Written by Jennifer WadsworthPublished Nov. 02, 2023 • 7:38pm
Elon Musk is trying to avoid testifying in an SEC probe into his $44 billion Twitter buyout. | Source: Chesnot/Getty Images

Elon Musk is suing to avoid testifying in a government probe of his $44 billion takeover of Twitter, since rebranded as X.

The billionaire filed his objections in San Francisco federal court Thursday, asking a judge to reject the U.S. Securities and Exchange Commission’s attempt to elicit more testimony for an investigation it launched early last year. 

Musk’s lawyers called the SEC subpoena “the latest in a litany of duplicative and harassing demands” made by the agency “under the guise of never-ending investigations into Mr. Musk and companies in which he holds leadership roles or financial stakes.”

RELATED: Feds Try To Force Elon Musk To Testify in Twitter Investigation

In Musk’s filing, his attorneys call the SEC’s application overly burdensome and argue that it oversteps the agency’s authority by seeking “irrelevant evidence.”

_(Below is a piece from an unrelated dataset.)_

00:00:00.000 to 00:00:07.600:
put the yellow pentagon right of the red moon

The SEC launched its inquiry in April 2022 after Musk was 11 days late in disclosing stock buys that gave him a 9.2% stake in the social media site. 

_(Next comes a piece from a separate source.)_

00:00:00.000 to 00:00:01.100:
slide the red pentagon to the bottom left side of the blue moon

After initially casting himself as a passive stakeholder, Musk changed his tune later that month by announcing plans to buy Twitter for $44 billion—and then tried to wiggle out of the deal. But a lawsuit forced him to go through with the acquisition, which was finalized six months later, in October 2022. 

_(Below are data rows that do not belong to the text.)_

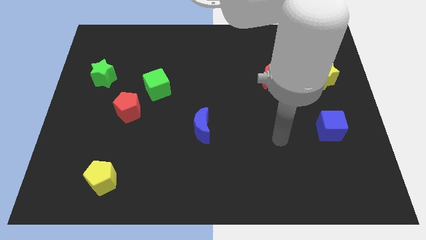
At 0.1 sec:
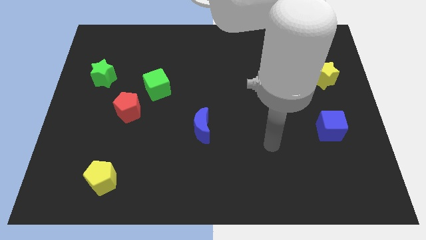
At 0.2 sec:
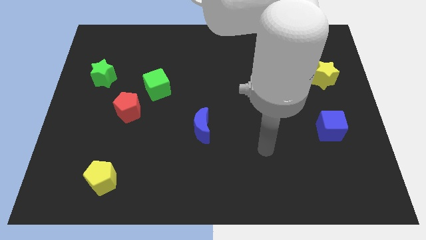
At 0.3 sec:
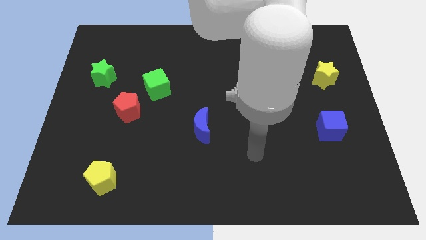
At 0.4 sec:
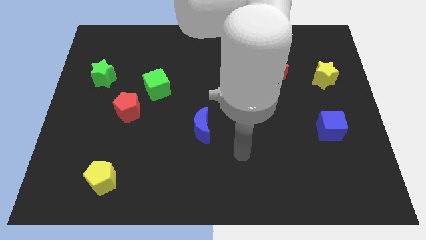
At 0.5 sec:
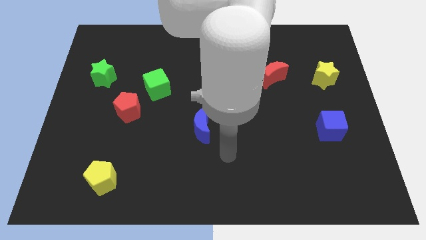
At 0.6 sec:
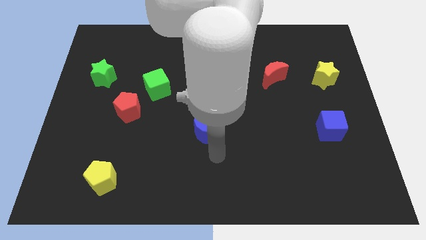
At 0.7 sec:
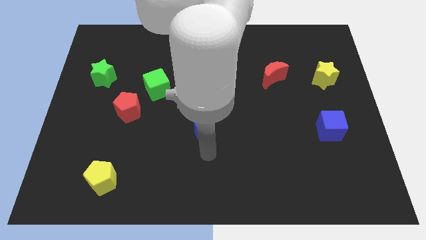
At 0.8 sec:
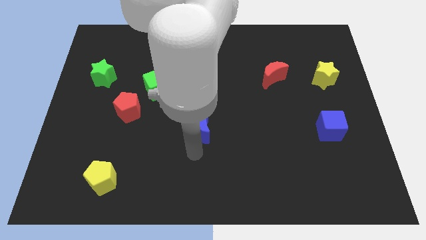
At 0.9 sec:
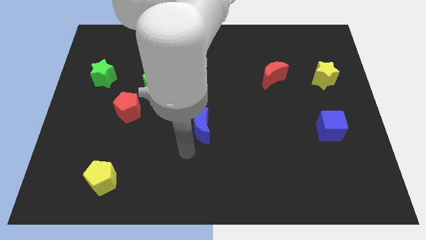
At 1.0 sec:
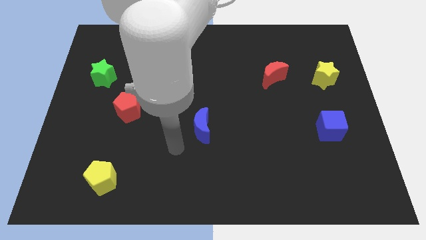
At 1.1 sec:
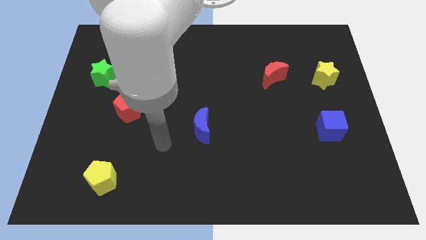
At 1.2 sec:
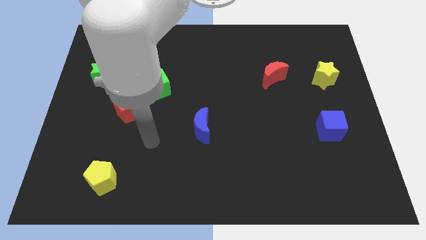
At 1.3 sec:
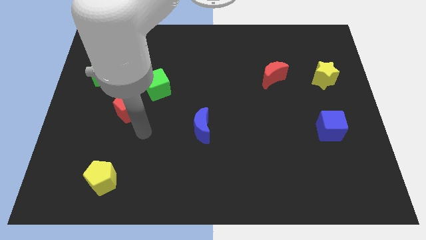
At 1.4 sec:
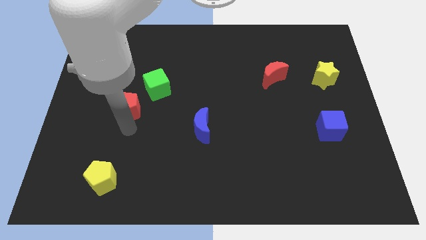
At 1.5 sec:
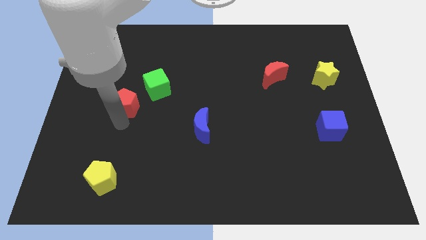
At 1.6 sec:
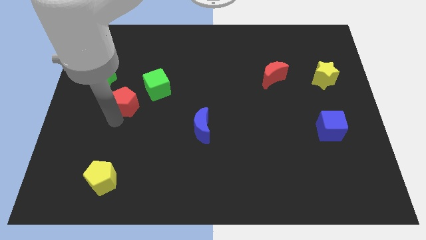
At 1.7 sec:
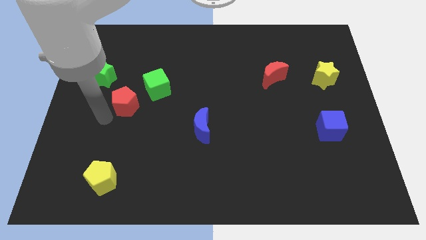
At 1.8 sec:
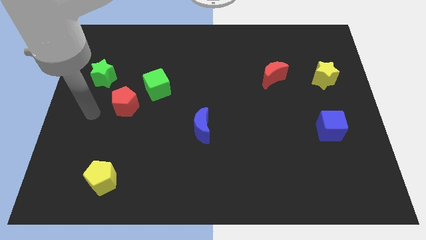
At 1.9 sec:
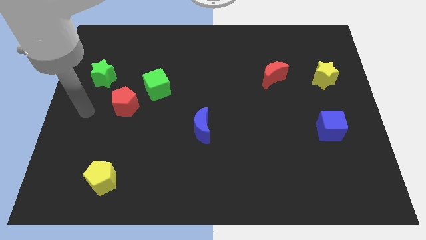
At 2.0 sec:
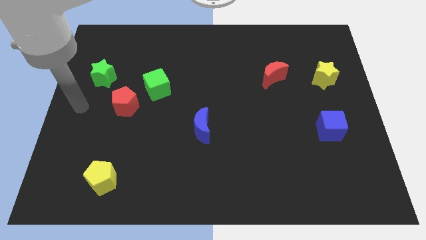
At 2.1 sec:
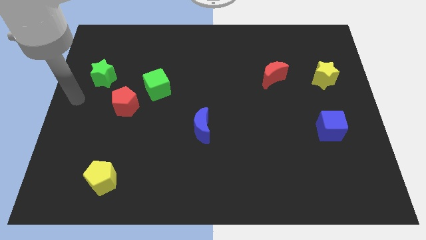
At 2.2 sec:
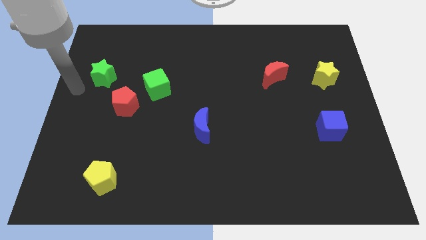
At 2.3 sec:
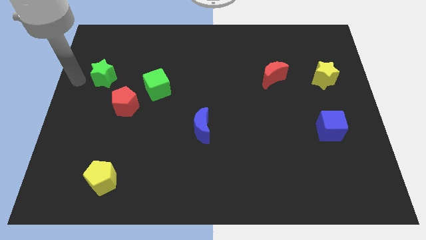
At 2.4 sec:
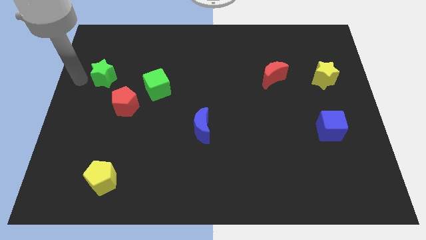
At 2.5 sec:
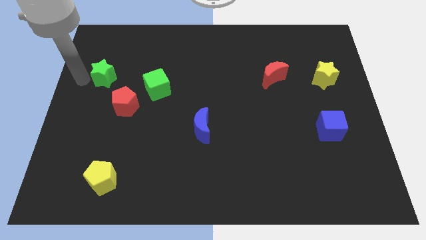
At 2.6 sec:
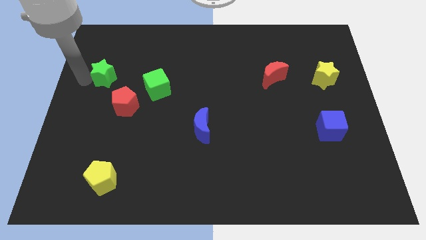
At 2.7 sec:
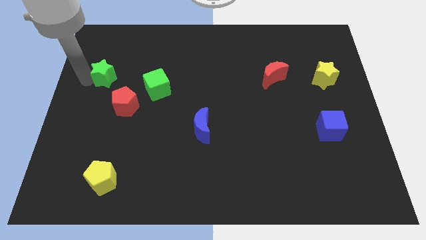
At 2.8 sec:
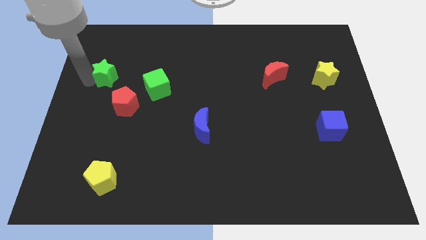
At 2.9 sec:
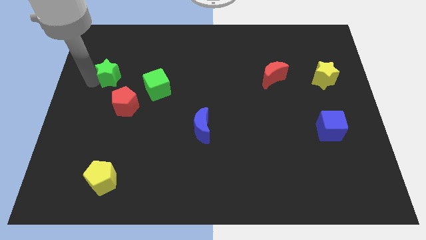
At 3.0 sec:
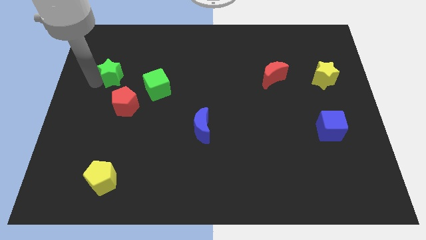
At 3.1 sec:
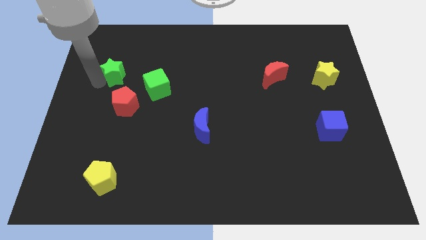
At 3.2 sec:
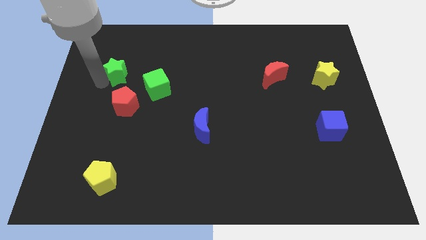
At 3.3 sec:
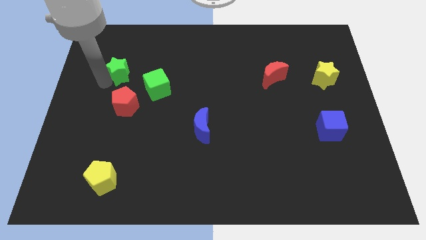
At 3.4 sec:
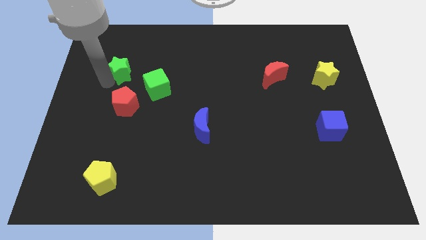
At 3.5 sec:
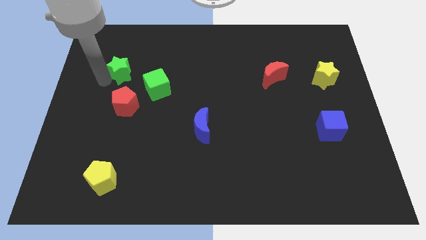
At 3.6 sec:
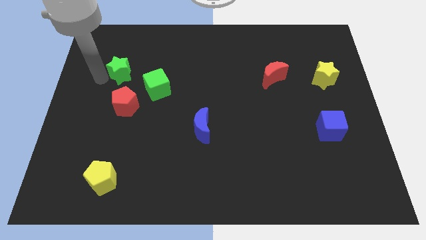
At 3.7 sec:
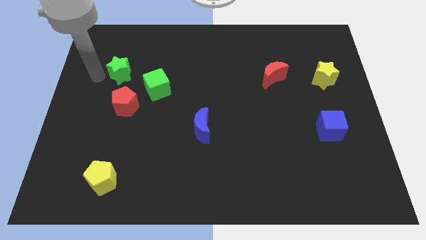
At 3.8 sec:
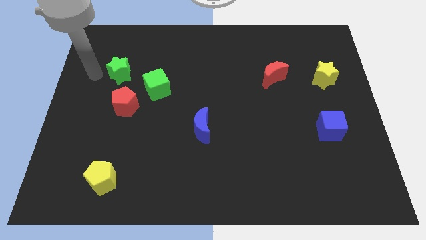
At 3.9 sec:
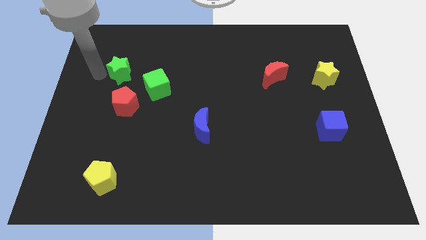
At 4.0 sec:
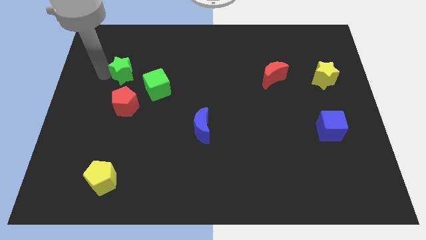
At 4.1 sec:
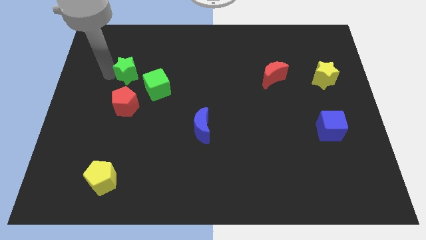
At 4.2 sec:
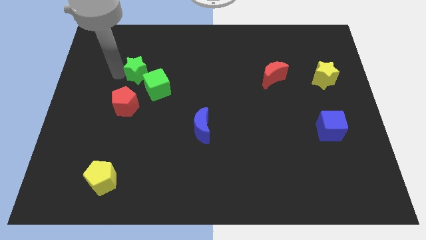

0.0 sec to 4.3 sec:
slide the green star a bit to the right

All the while, the SEC continued investigating.

The agency only filed its subpoena this past month after it said Musk blew off an interview with investigators in September.

Musks’s attorneys characterize the SEC’s attempts to get him to testify as part of a yearslong “saga of harassment” that extends beyond the Twitter buyout. 

The SEC also sued Musk in 2018 for social media posts claiming he secured funding to take his other company, Tesla, private. After reaching a settlement in that case, the agency sued him again the following year, claiming he violated the pact. 

In objections filed Thursday in the Twitter probe, Musk’s lawyers say they’ll petition the U.S. Supreme Court to review the legality of that SEC settlement.

The SEC has defended its petition for testimony as well within its authority, saying it has more questions for Musk after receiving new documents in the investigation.